Task to carry out
Exact transcription, pictures omitted: reproduce the listing below.
+++++
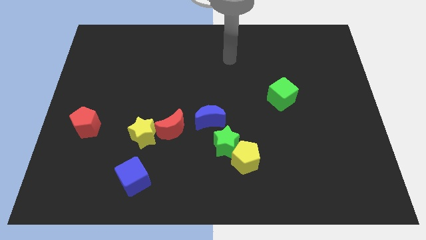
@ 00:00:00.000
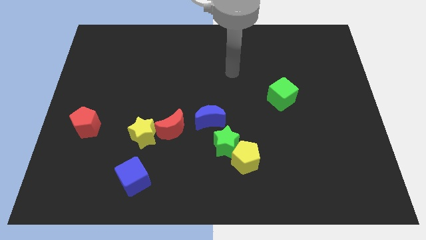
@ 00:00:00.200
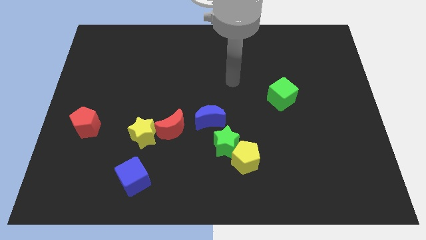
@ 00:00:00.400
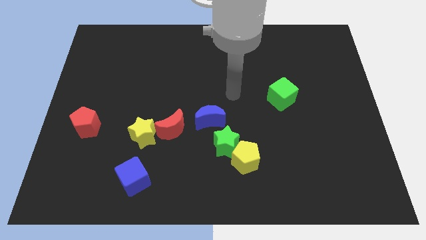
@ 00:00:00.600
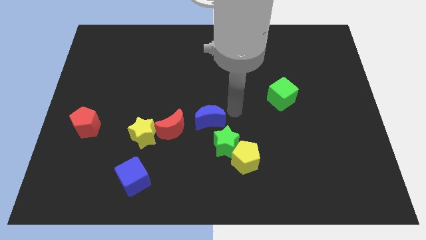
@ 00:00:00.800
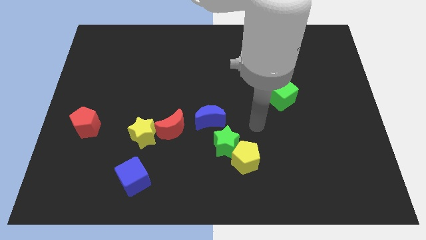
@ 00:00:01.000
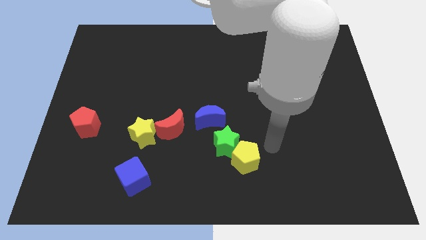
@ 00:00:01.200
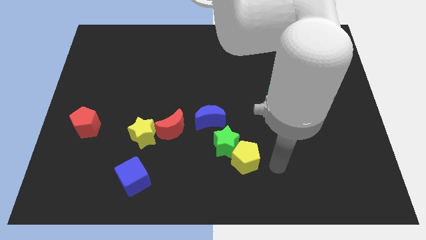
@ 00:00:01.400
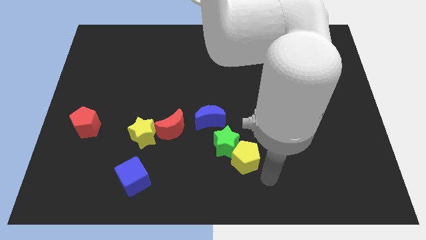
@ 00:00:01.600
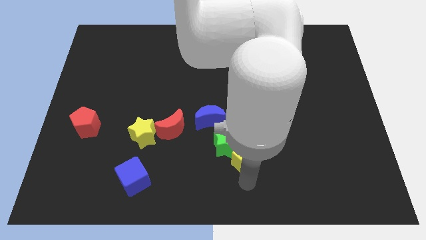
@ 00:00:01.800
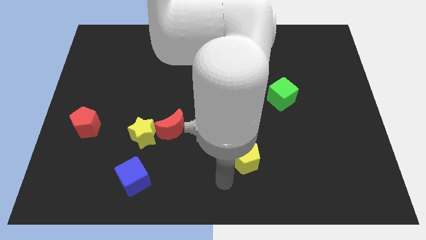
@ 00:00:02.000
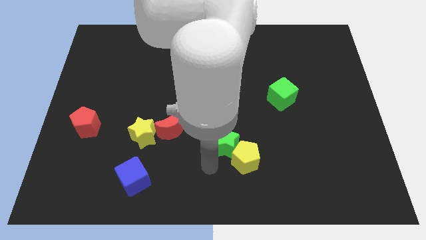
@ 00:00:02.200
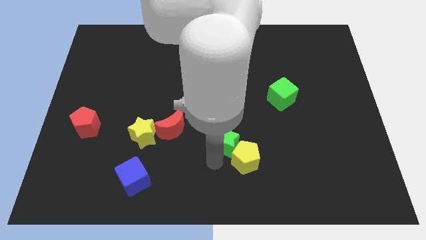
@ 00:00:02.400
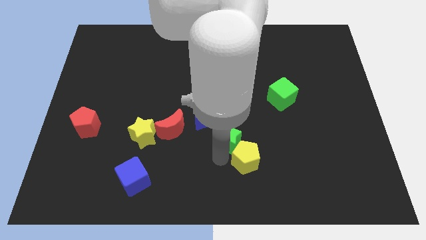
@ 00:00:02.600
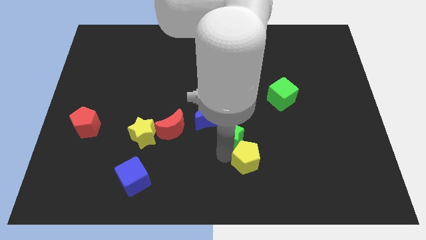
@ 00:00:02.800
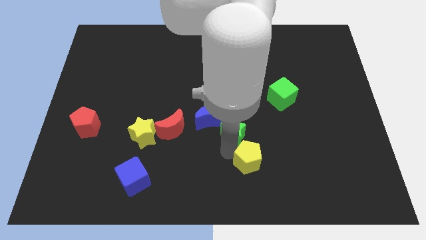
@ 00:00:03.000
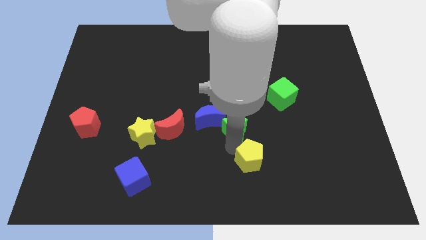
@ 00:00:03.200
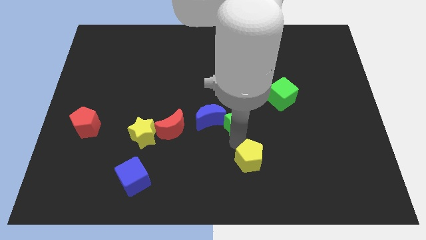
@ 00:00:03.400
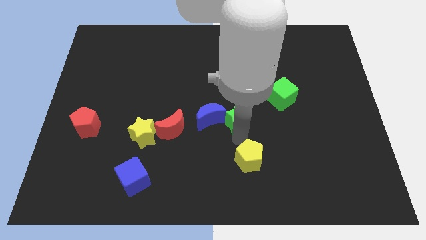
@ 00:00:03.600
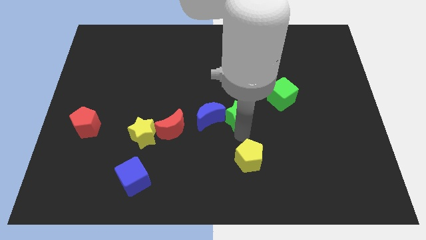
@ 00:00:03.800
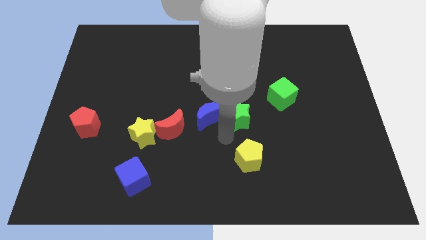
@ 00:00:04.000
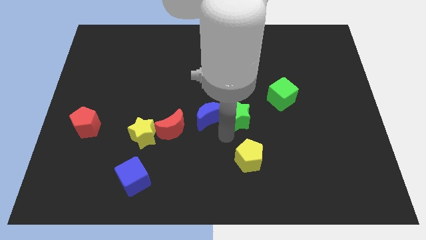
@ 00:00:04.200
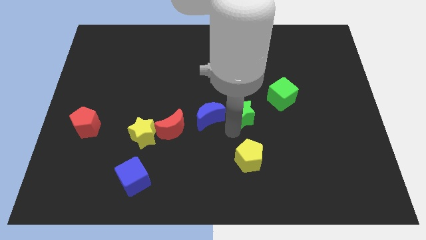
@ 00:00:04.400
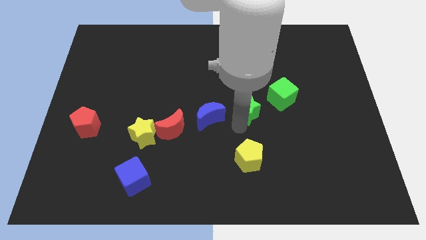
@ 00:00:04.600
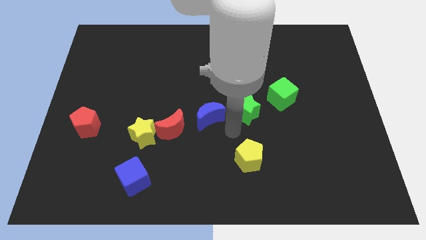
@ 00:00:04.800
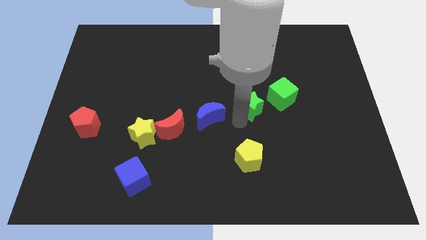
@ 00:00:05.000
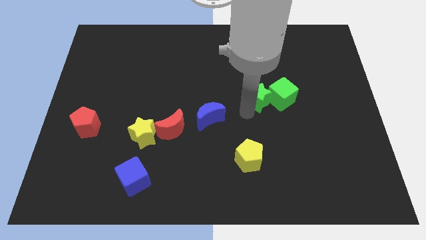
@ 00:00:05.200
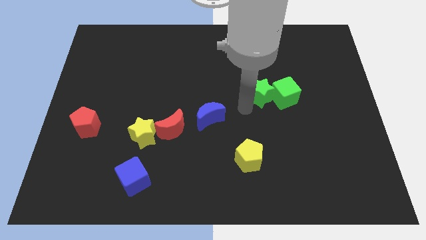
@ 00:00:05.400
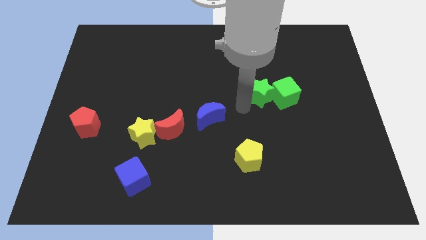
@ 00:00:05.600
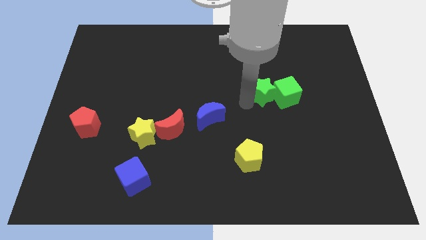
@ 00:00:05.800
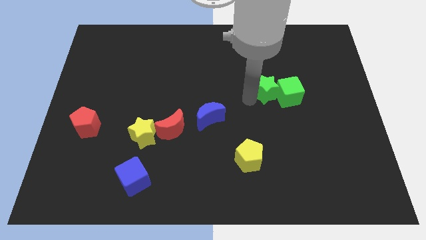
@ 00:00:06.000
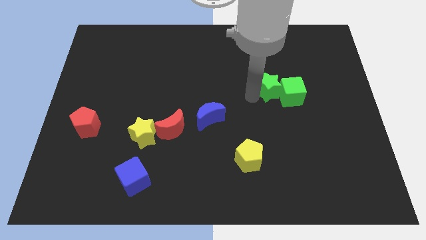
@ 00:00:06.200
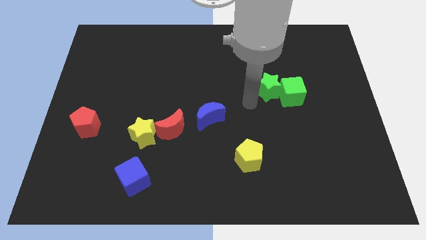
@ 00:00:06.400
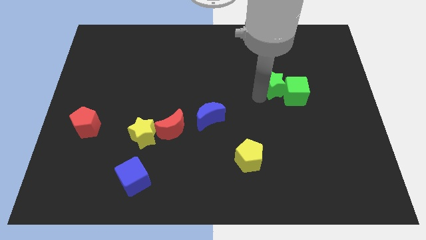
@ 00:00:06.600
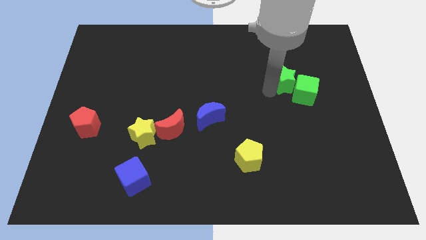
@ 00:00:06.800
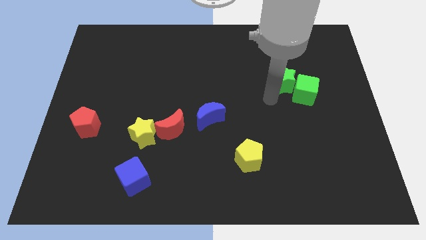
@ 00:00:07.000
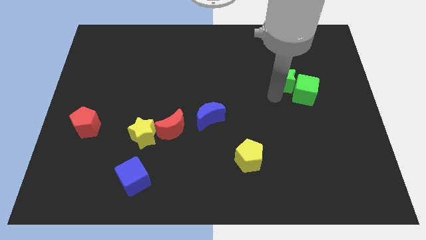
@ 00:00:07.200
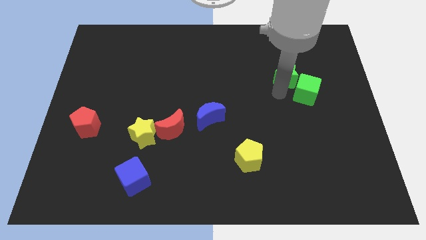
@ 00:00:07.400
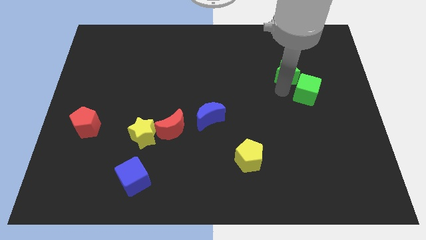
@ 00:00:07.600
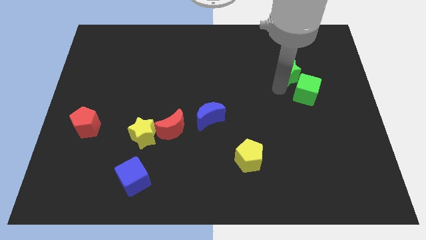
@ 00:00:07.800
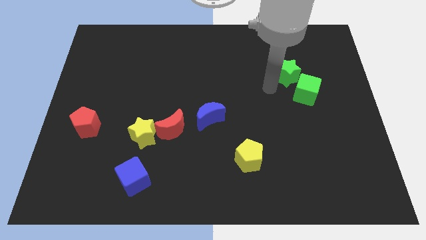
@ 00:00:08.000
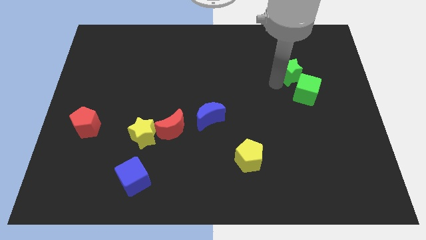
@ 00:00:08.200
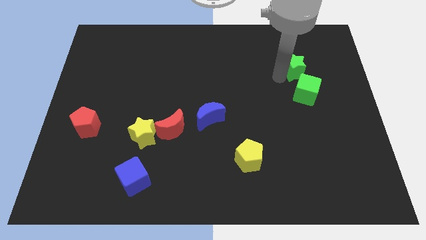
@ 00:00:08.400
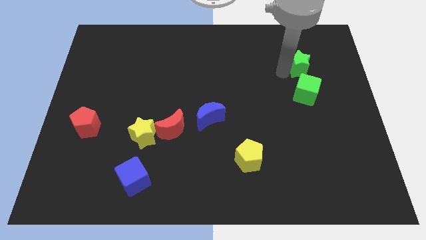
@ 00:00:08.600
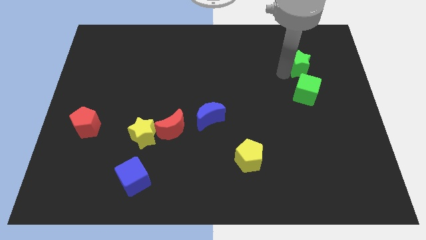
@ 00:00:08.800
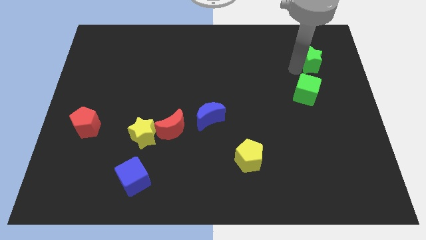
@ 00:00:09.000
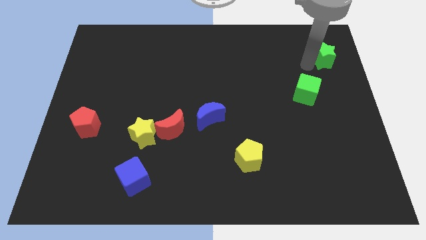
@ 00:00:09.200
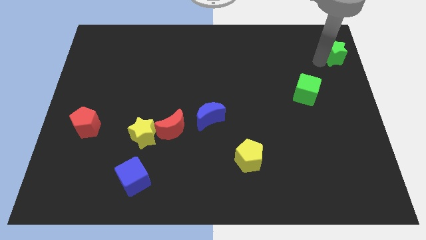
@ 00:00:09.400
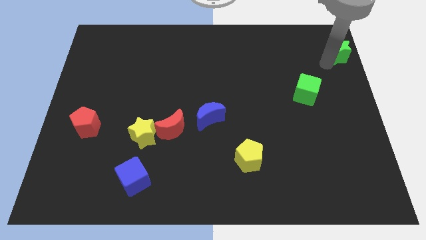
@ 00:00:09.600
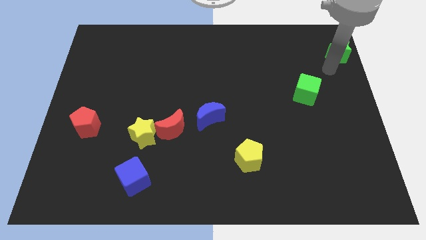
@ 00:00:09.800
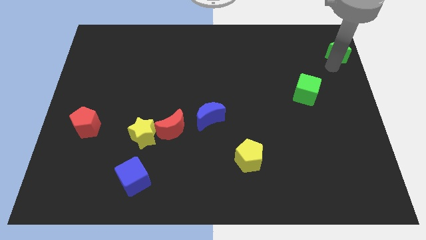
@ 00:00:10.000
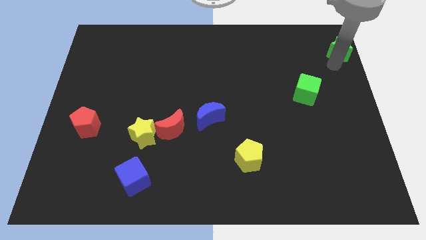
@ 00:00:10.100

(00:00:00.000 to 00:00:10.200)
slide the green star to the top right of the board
+++++
Solution below
@ 00:00:00.000
@ 00:00:00.200
@ 00:00:00.400
@ 00:00:00.600
@ 00:00:00.800
@ 00:00:01.000
@ 00:00:01.200
@ 00:00:01.400
@ 00:00:01.600
@ 00:00:01.800
@ 00:00:02.000
@ 00:00:02.200
@ 00:00:02.400
@ 00:00:02.600
@ 00:00:02.800
@ 00:00:03.000
@ 00:00:03.200
@ 00:00:03.400
@ 00:00:03.600
@ 00:00:03.800
@ 00:00:04.000
@ 00:00:04.200
@ 00:00:04.400
@ 00:00:04.600
@ 00:00:04.800
@ 00:00:05.000
@ 00:00:05.200
@ 00:00:05.400
@ 00:00:05.600
@ 00:00:05.800
@ 00:00:06.000
@ 00:00:06.200
@ 00:00:06.400
@ 00:00:06.600
@ 00:00:06.800
@ 00:00:07.000
@ 00:00:07.200
@ 00:00:07.400
@ 00:00:07.600
@ 00:00:07.800
@ 00:00:08.000
@ 00:00:08.200
@ 00:00:08.400
@ 00:00:08.600
@ 00:00:08.800
@ 00:00:09.000
@ 00:00:09.200
@ 00:00:09.400
@ 00:00:09.600
@ 00:00:09.800
@ 00:00:10.000
@ 00:00:10.100

(00:00:00.000 to 00:00:10.200)
slide the green star to the top right of the board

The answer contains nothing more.